Demokratie braucht Außenseiter "Donald Trump ist ein tückischer Störenfried"

Seite 2/2

Klassische, individuelle Störenfriede

Das haben der Künstler oder der heroische Unternehmer nicht nötig. Sie gehören zu den klassischen, individuellen Störenfrieden. Was zeichnet sie aus?
In der Wirtschaftswelt treffen wir zwei Störenfriede an: den exzentrischen und den egozentrischen. Denken Sie an Apple. Die Werbekampagne zu „Think different“ fing mit den Worten an: „Here’s to the crazy ones. The misfits. The rebels. The troublemakers.“ Es ist eine Hymne an die Verrückten – an den exzentrischen Störenfried.
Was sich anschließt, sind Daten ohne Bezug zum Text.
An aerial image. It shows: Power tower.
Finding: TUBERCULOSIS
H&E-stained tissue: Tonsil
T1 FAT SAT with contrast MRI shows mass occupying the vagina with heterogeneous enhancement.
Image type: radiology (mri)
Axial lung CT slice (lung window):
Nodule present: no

Er ist mit den Schlagwörtern Innovation, Disruption und kreative Zerstörung verbunden: eine wirtschaftliche Figur, die Regeln bricht und dafür gefeiert wird – die experimentiert. „Experiment“, das ist, was seit Jahrhunderten schon den Künstler, den Naturwissenschaftler und den wirtschaftlichen Innovator verbindet. 

Apple ist aber nicht nur...
…ein Freund der Verrückten, richtig, sondern auch ein egozentrischer Störenfried. Der Konzern überlegt sich genau, wie er mit seiner Wirtschaftsmacht optimal lavieren kann. Die Debatte um die Steuerzahlungen ist ein schönes Beispiel für die Versuchung, andere Leute oder auch den Staat übers Ohr zu hauen, um selber better off zu sein. Thomas Hobbes hat bereits im 17. Jahrhundert verzweifelt versucht, die egozentrischen Störenfriede an der Krawatte des Eigeninteresses in die staatliche Ordnung hinein zu ziehen.
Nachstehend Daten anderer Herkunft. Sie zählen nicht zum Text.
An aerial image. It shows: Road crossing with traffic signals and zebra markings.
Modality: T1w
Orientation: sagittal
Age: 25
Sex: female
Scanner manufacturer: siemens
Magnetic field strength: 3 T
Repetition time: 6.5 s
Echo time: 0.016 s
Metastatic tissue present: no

Heute scheinen Staaten dem krawattierten Eigeninteresse entweder entgegen zu kommen oder ausgeliefert zu sein.
Das ist eine sehr traurige Entwicklung. Wenn jemand früher den Staat für seine Zwecke ausnutzen wollte, musste er ihn von innen aushöhlen, weil er sich in dieser Ordnung auch in Zukunft zu bewegen hatte. Er kam sozusagen nicht raus aus der Nummer. Heute ist das dramatisch anders. Der egozentrische Störenfried muss die nationale Ordnung nicht mehr aushöhlen, sondern kann sich ihr entziehen. Er flüchtet in ein finanzielles Niemandsland, winkt dann zum Staat hinüber und sagt: „Hallo, ich hab hier was für Dich! Kommst Du mir entgegen?“ Damit werden Staaten erpressbar.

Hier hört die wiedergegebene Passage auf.